** ENTRIES SHOWN follows **

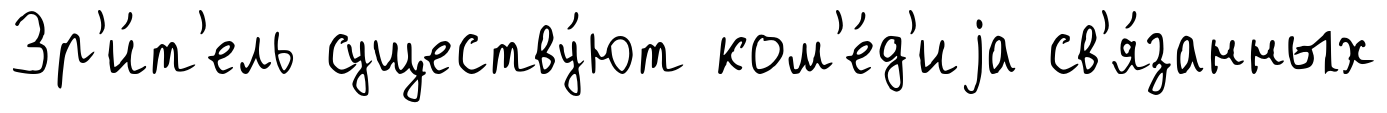
Зр'и́т'ель существу́ют ком'е́д'иjа св'я́занных
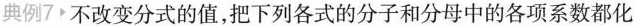
典例7 不改变分式的值，把下列各式的分子和分母中的各项系数都化
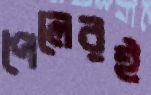
পেলেরই
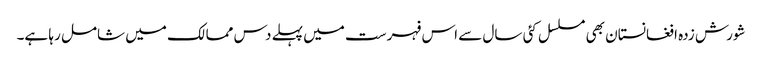
شورش زدہ افغانستان بھی مسلسل کئی سال سے اس فہرست میں پہلے دس ممالک میں شامل رہا ہے۔
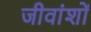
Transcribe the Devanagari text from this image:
जीवांशों
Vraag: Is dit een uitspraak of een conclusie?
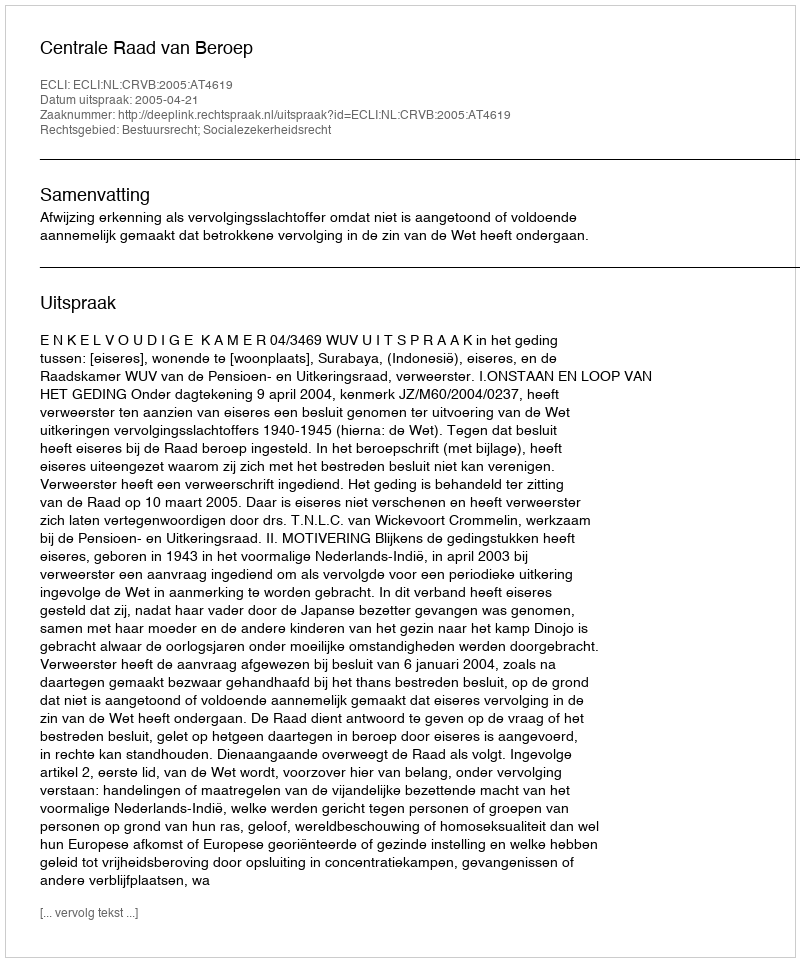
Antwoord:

** End of ENTRIES SHOWN **

→ YOUR INSTRUCTIONS:
Print exactly, and only, the lines from the one with "Vraag: Is dit een uitspraak of een conclusie?" through the last line of the listing above. No pictures belong in the copy.

→ WRITTEN SOLUTION:
Vraag: Is dit een uitspraak of een conclusie?
Antwoord:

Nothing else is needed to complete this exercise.